Robbie Ray is having a career year and Zack Greinke has returned to his Cy Young form. It seemed that Greinke may have lost his edge when he went to Arizona. However, he is proving that 2016 was a fluke and he is still an elite pitcher.
The pitching staff has overall been a real plus this year as only the Dodgers have been more successful. With the injury to Kershaw, the Diamondbacks may have a better opportunity to catch up to them.
The Diamondbacks have only won three of their past 10 games. This most likely will not last though. Every team has ups and downs during a season, and Arizona is just in the middle of it right now. Although they probably won’t be able to catch the Dodgers, they have a good enough team to take a wild card spot. In any other division in the NL they would have a much better shot at a title, they just happen to be in the best one in the majors right now.
Colorado Rockies, National League Wild Card #2
Blackmon is having a career year in Colorado (The Denver Post)
The third team that has a good shot of making the playoffs from the National League West is the Rockies are having a breakout year. Colorado has some good young pitching but much of their success comes from their offense. Nolan Arrenado is proving to be an elite third baseman and Charlie Blackmon is having a career year.
Colorado is tied with Washington for the second best offense in the majors. What is interesting about this stat is that one would think that this is because they are hitting a lot of home runs since they are in Colorado. However, the Rockies actually rank 16th in home runs in the majors.
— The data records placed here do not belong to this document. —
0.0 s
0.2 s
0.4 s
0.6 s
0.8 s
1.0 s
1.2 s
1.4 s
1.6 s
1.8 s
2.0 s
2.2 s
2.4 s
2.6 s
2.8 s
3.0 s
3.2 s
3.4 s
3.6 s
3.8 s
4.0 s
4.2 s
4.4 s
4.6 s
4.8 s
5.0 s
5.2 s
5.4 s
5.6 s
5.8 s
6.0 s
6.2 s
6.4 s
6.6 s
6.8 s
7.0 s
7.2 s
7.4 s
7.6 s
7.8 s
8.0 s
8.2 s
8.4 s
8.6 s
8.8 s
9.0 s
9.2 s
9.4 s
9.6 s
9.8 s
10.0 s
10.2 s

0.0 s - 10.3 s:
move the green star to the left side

They are getting guys in all sorts of different ways.
The Rockies will have a tough time holding their lead in the wild card over the Diamondbacks. Since Arizona has such a stronger pitching staff, it is most likely that they will overrun them.
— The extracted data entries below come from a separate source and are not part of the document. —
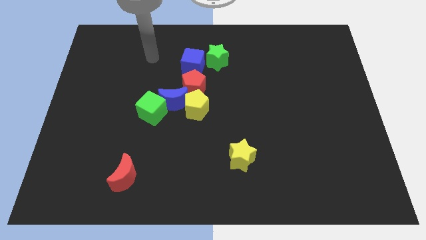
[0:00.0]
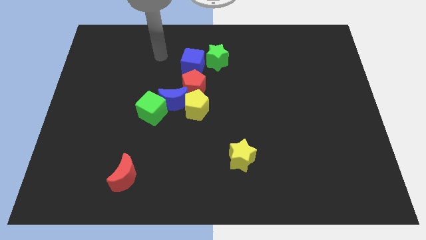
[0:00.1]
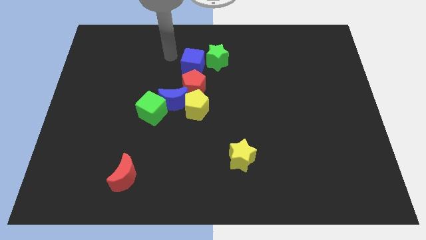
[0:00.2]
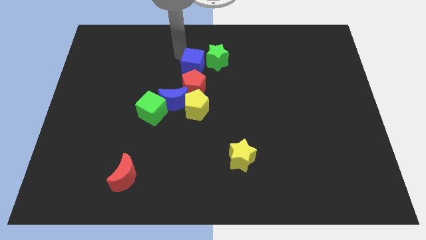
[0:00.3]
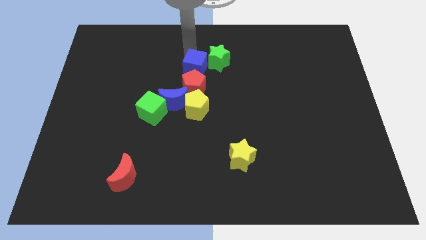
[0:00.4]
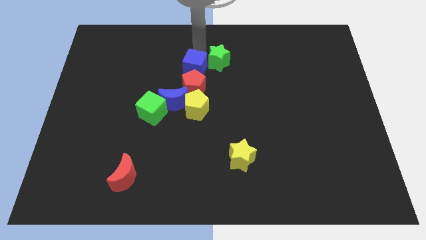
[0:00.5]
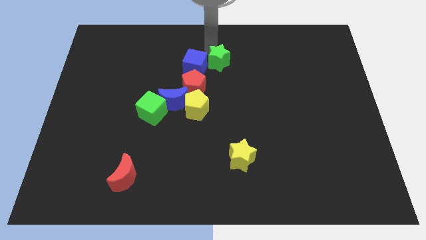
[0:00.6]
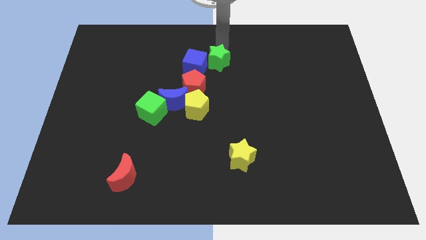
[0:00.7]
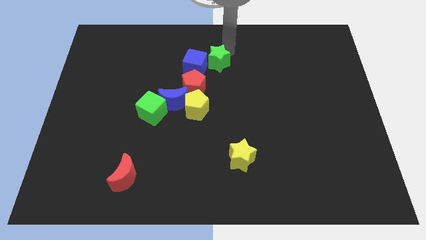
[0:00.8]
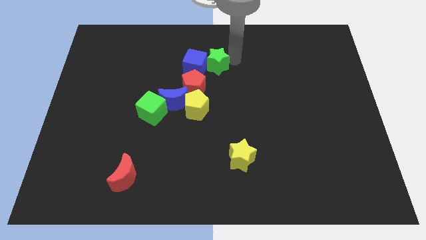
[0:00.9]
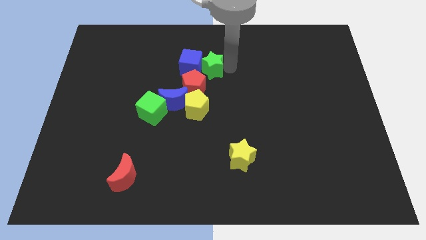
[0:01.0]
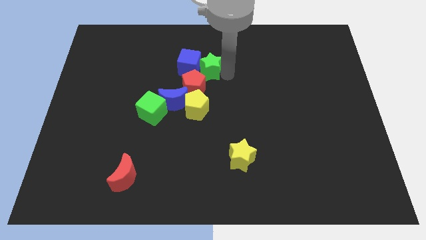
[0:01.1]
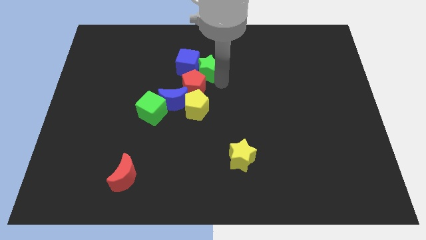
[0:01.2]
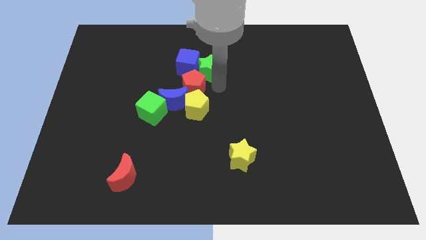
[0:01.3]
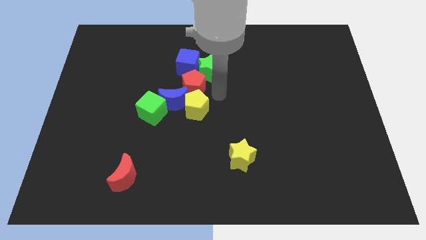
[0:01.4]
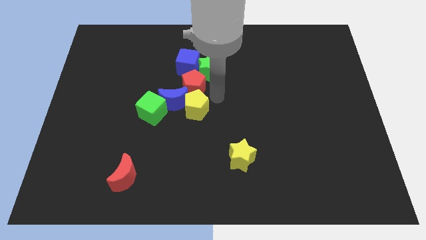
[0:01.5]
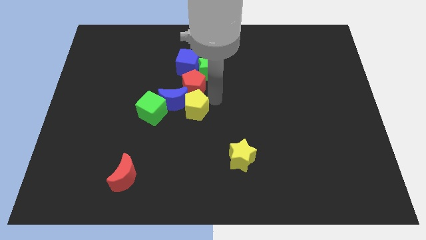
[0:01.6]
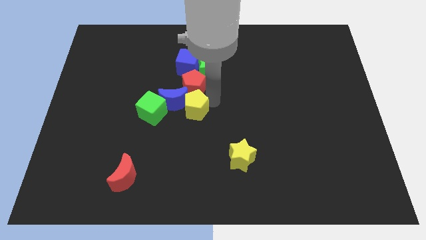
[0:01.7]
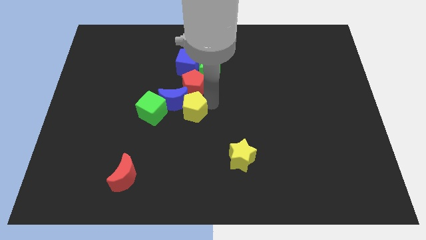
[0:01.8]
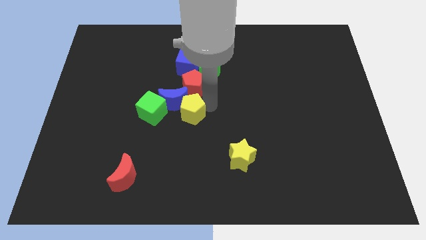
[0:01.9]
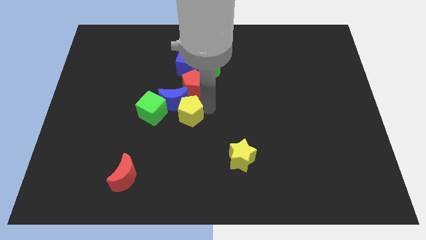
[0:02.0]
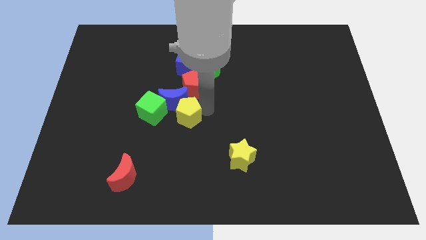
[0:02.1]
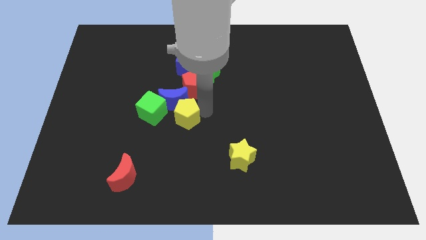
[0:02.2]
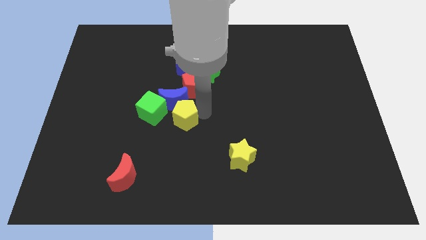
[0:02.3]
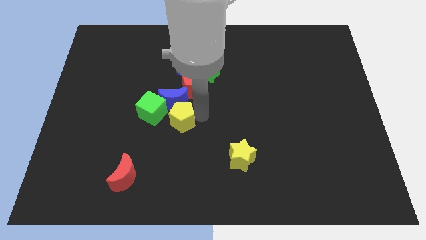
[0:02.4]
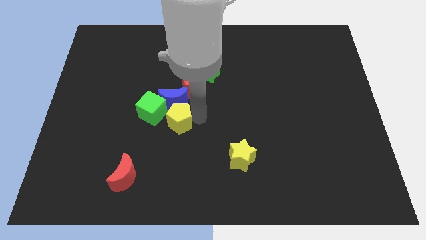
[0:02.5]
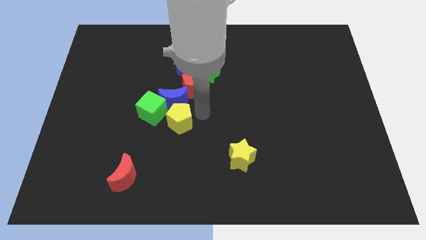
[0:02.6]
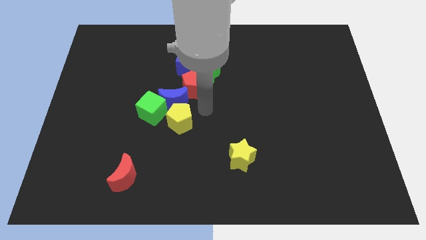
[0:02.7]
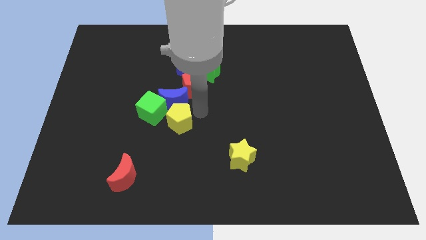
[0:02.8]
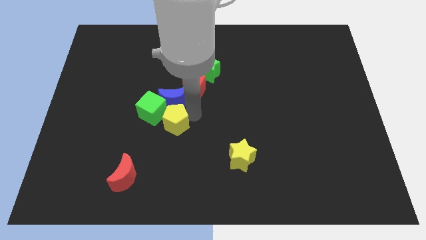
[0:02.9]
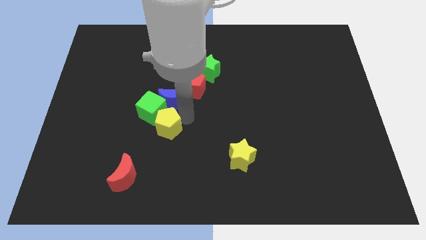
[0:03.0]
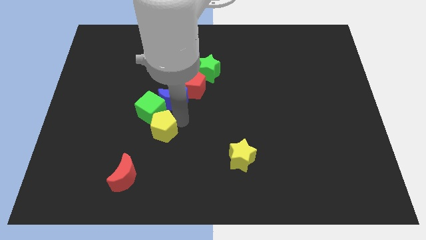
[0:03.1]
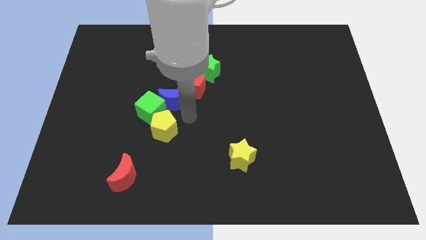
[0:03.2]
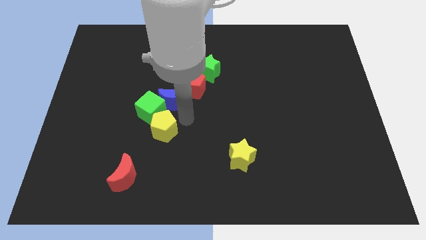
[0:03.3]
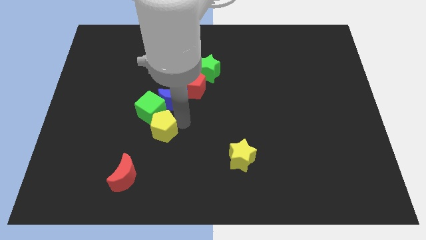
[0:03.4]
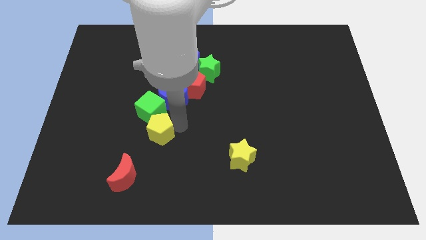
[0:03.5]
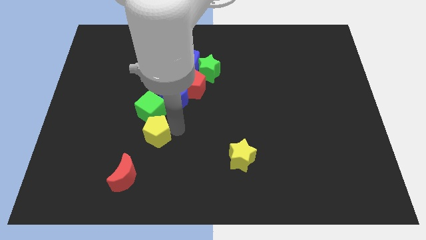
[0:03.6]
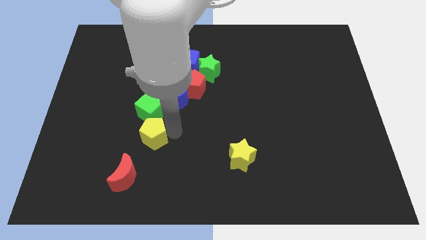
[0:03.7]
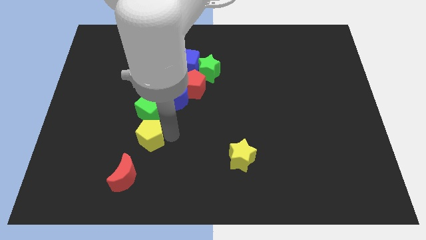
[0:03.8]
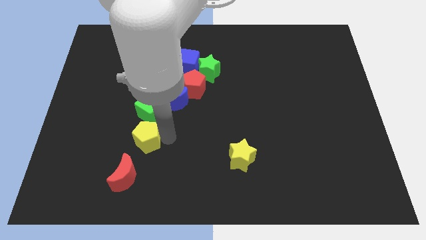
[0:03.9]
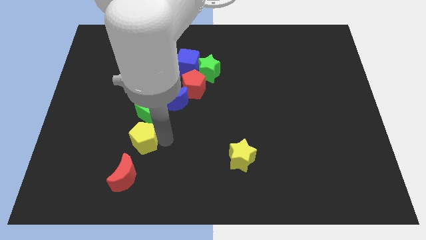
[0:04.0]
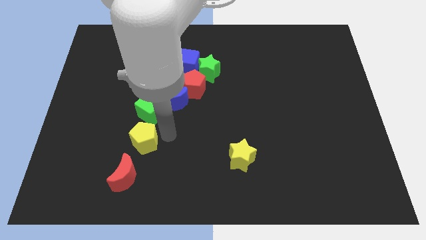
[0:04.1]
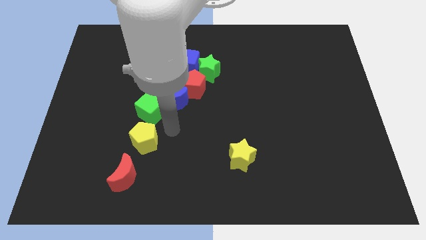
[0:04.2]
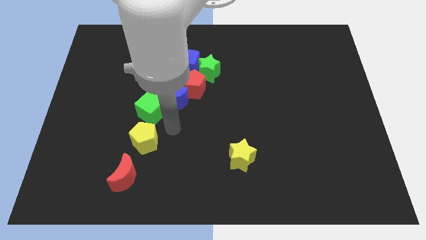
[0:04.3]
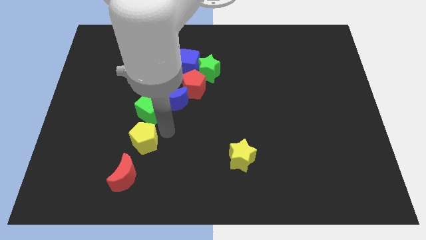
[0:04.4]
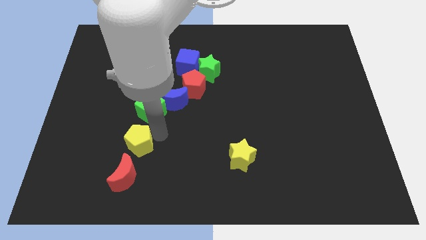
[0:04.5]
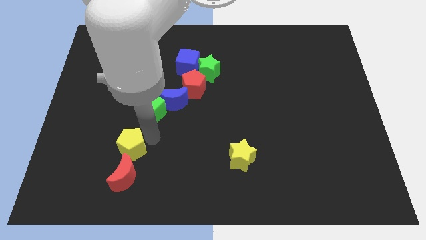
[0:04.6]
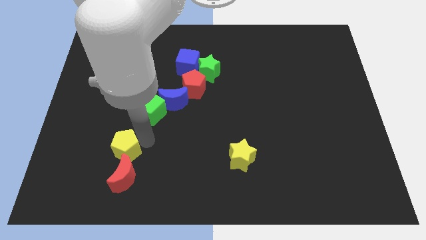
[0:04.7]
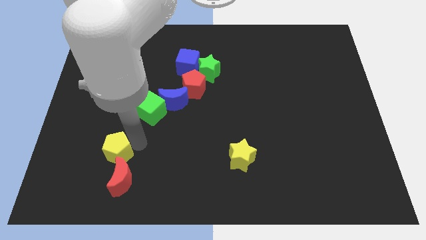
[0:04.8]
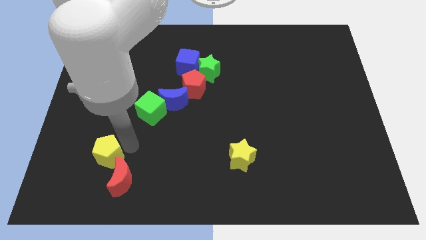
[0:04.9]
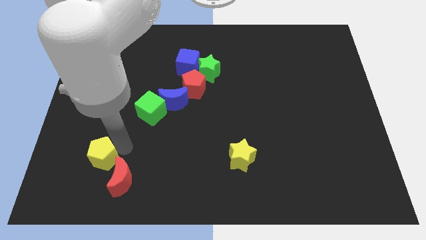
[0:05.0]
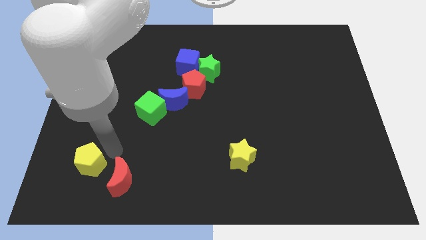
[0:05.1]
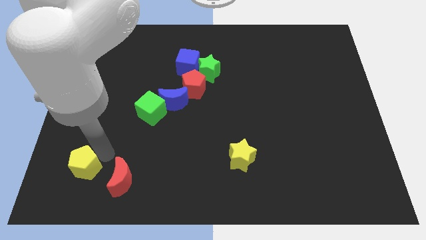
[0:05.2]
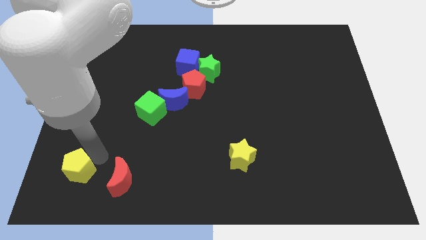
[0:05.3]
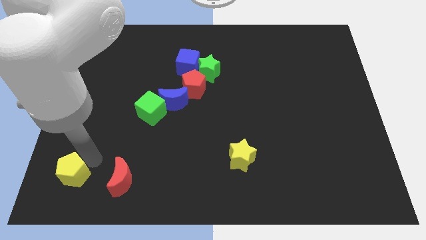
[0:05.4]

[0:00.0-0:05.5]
slide the yellow pentagon to the bottom left

They are looking for players to bolster their rotation, the only problem is that they are in Colorado. Yu Darvish has already stated that he does not want to be traded to the Rockies. The reason why the Rockies have a such hard time getting good pitching is because of their ballpark. However, Colorado needs a stronger rotation in order to compete in the postseason and stay ahead in the National League.